Webster University Leiden is an American university with campuses around the world, including the Netherlands.  Webster University provides both undergraduate (BA/BS) and graduate (MA/MBA) education. Webster University is accredited in the Netherlands through NVAO and in the USA through The Higher Learning Commission's North Central Association.

History 
The university was established in 1915 in Webster Groves, a suburb of St. Louis, by the Sisters of Loretto. Initially the name of the school was Loretto College, and admission was restricted to women only.  It was one of the first Catholic women's universities west of the Mississippi.  The first male students were admitted in 1962. The Sisters of Loretto transferred the university to a Board of Directors in 1967.

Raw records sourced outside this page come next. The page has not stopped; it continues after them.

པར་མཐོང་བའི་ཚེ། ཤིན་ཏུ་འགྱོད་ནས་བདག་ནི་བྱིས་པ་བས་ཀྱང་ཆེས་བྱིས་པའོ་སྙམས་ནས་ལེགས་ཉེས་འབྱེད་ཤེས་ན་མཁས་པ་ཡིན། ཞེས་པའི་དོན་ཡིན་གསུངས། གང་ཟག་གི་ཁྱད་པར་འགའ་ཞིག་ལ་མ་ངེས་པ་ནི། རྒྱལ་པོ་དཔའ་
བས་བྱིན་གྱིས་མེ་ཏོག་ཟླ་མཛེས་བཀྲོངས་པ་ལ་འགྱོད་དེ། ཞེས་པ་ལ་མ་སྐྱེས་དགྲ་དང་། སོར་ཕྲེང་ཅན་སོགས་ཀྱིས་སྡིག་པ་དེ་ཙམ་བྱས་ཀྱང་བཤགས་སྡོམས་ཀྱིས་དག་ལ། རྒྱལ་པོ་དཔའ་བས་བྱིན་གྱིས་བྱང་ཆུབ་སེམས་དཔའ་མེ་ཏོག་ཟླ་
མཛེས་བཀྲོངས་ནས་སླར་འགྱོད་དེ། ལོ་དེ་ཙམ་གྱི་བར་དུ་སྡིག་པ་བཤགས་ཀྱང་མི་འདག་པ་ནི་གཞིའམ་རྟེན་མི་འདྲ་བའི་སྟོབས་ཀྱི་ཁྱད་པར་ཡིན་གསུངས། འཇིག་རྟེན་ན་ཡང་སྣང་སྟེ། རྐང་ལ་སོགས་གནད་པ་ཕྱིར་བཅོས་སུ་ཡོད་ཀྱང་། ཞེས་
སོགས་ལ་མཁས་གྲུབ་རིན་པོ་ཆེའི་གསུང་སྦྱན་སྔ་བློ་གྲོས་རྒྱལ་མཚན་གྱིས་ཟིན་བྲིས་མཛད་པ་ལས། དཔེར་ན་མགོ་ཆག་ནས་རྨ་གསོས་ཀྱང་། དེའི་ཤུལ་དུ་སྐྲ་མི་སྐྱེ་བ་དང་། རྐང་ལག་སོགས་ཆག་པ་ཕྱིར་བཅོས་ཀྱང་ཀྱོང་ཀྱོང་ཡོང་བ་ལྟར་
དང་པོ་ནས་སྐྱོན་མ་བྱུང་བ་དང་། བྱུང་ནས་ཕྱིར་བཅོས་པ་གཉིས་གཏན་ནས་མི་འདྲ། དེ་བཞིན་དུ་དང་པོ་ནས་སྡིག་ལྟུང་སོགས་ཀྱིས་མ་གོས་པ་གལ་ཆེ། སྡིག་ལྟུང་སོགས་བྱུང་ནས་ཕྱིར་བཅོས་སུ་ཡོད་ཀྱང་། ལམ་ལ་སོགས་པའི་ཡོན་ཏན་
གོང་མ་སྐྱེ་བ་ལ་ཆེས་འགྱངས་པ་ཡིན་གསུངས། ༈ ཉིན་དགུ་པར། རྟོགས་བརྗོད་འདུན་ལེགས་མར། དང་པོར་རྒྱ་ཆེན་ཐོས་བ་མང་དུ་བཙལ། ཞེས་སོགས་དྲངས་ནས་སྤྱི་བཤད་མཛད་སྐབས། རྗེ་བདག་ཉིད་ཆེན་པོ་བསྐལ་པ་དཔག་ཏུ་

The mascot of the university is the Gorlok. This mythical creature was created in 1984 by students. It is said that the Gorlok has "paws of a cheetah, horns of a buffalo, and the face of the Saint-Bernard dog."

Locations 
Webster University has many national locations in the United States, many of them on military bases and metropolitan campuses.  Webster University also has many international campuses:  Geneva, Vienna, Leiden, London, Shanghai and Cha-am (Thailand).

The Netherlands 
Since 1983 Webster University has also had a campus in the Netherlands. There is a campus in Leiden, as well as an MBA location in Amsterdam (World Trade Center). The main campus building is housed at Boommarkt 1 in Leiden. This building has heritage status rijksmonument.

Since 1983 Webster University has offered undergraduate (BA/BS) and graduate (MA/MBA) education following the American Liberal Arts philosophy. The Dutch branch of Webster University offers management, (international), media, art, psychology and international relations.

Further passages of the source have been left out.